### Task to complete:
Reproduce verbatim the line where "land cover: Pine dominated mixed woodland" occurs, along with all following lines down to the last line of the data.

Stored entries
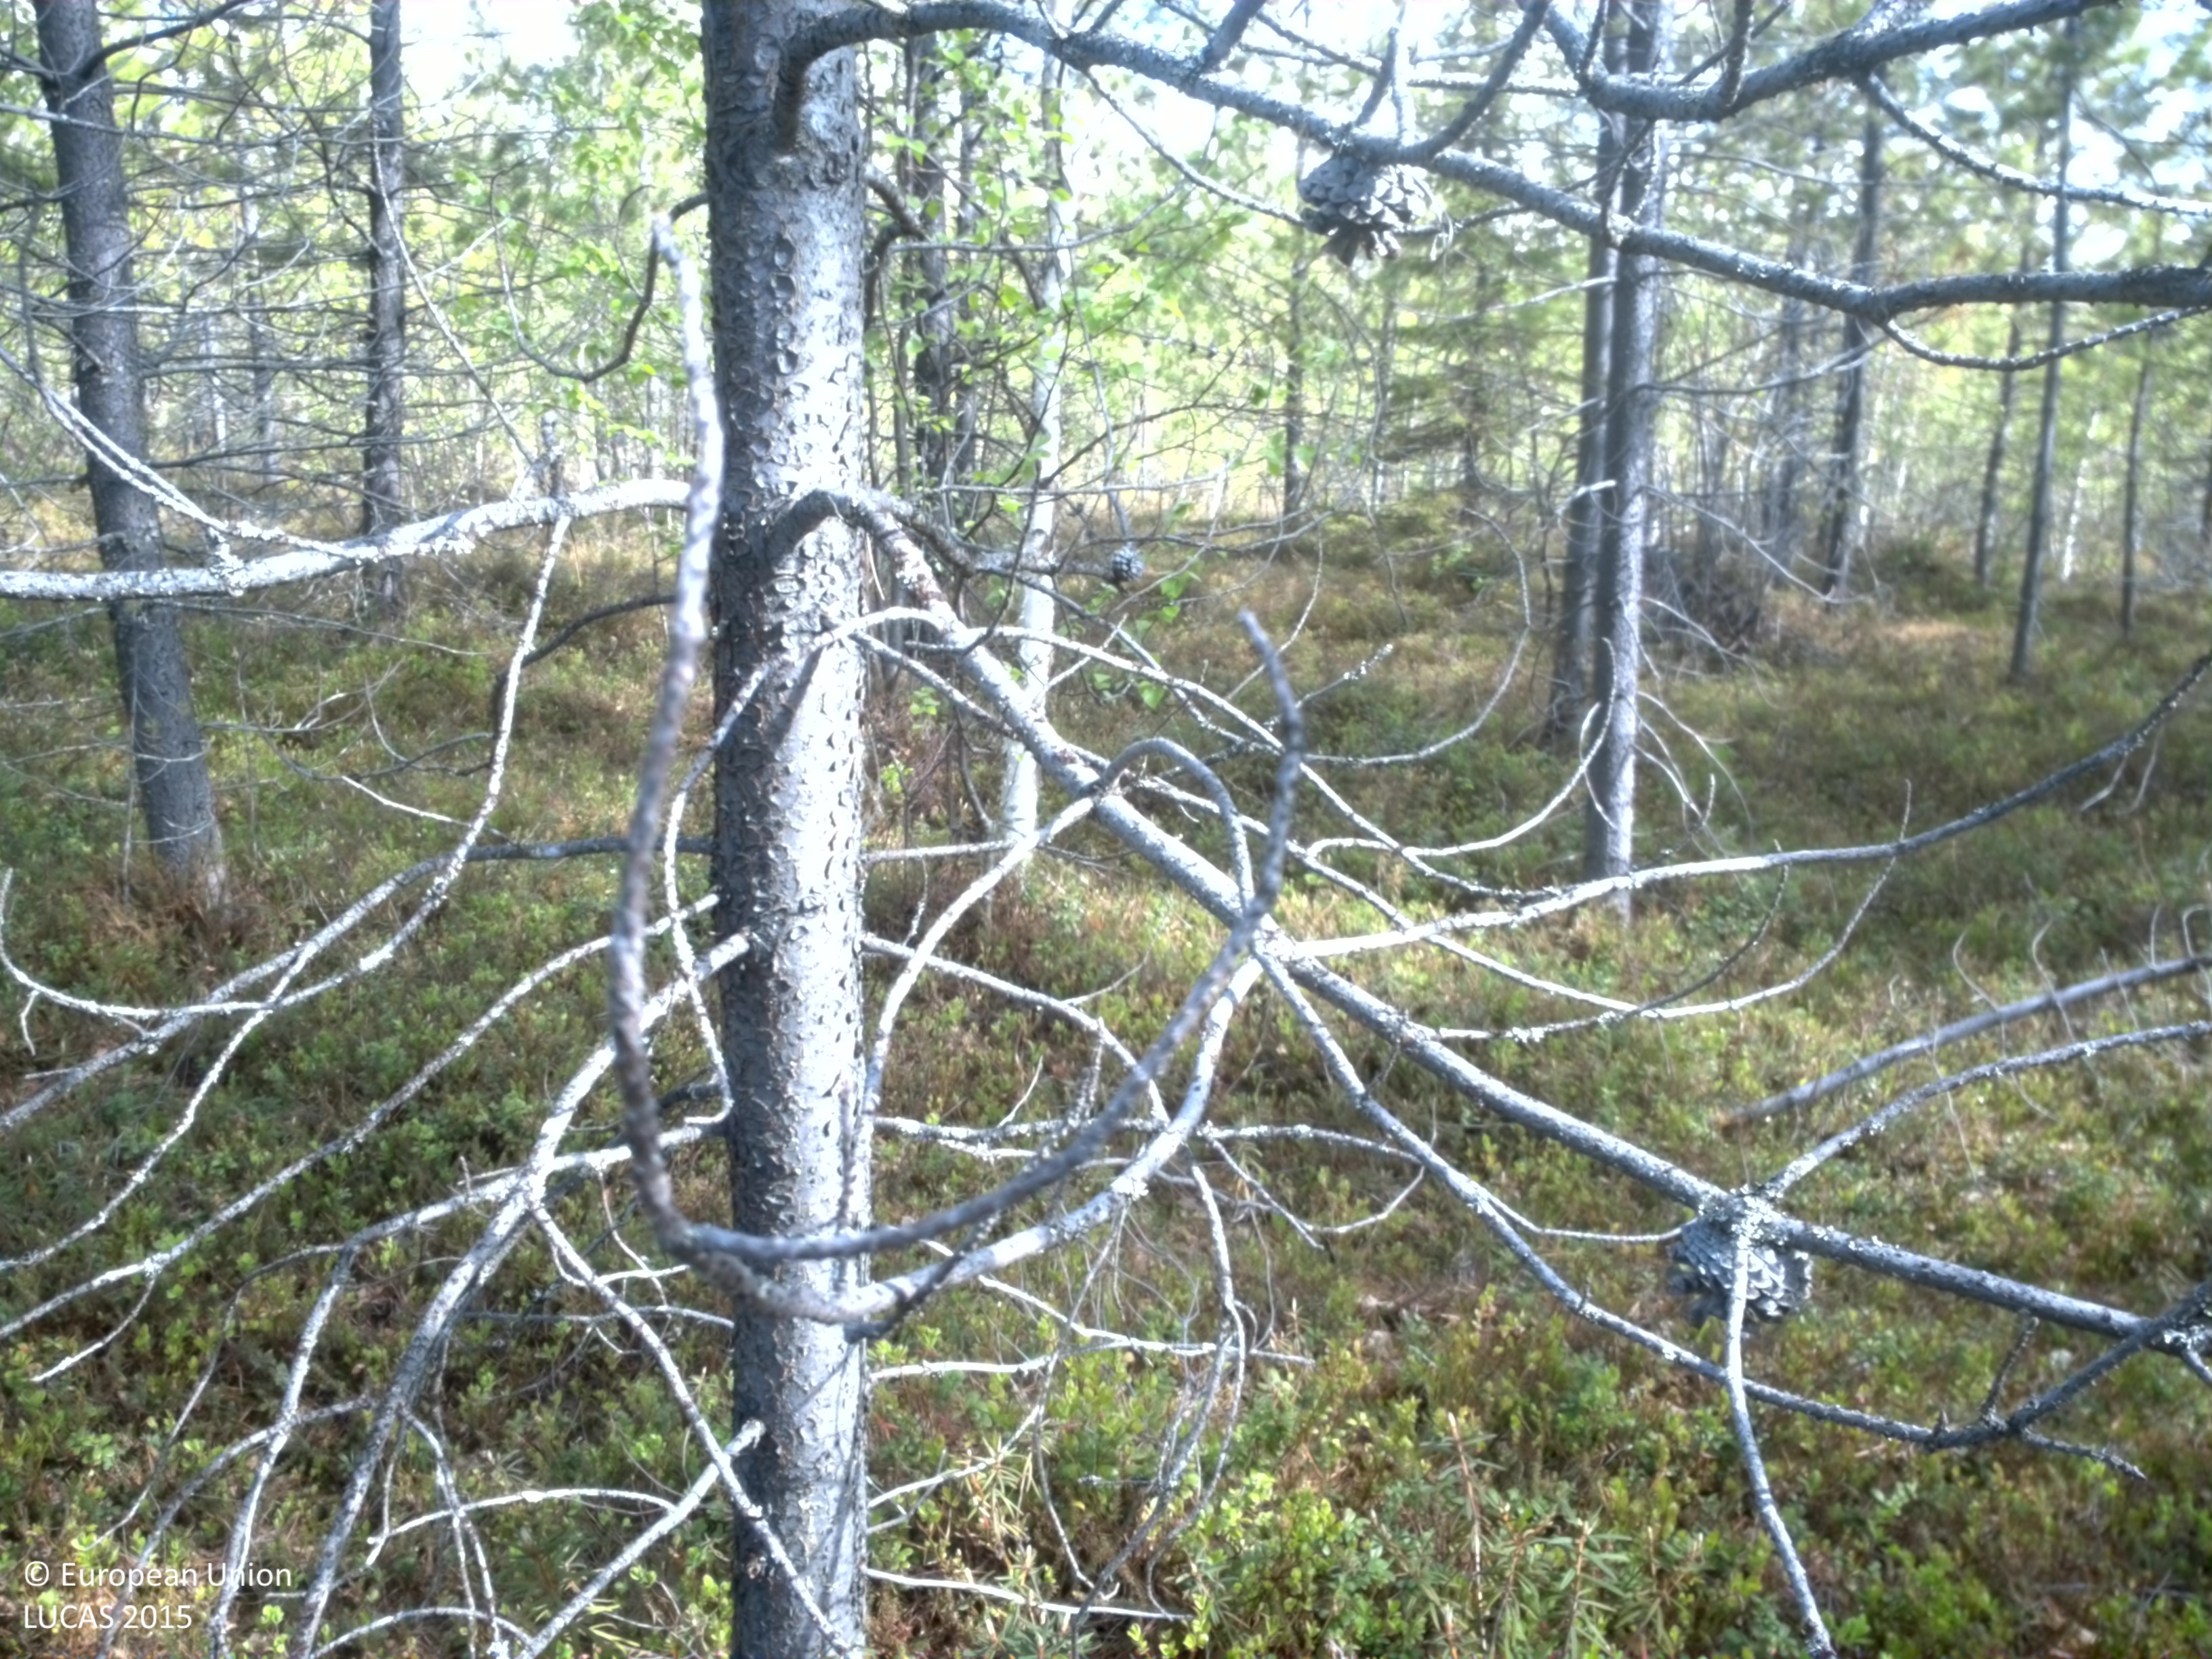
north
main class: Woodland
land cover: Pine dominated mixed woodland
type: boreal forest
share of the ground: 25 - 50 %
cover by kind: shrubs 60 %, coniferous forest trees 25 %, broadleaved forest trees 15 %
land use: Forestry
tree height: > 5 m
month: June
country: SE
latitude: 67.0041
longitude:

### Finished task:
land cover: Pine dominated mixed woodland
type: boreal forest
share of the ground: 25 - 50 %
cover by kind: shrubs 60 %, coniferous forest trees 25 %, broadleaved forest trees 15 %
land use: Forestry
tree height: > 5 m
month: June
country: SE
latitude: 67.0041
longitude:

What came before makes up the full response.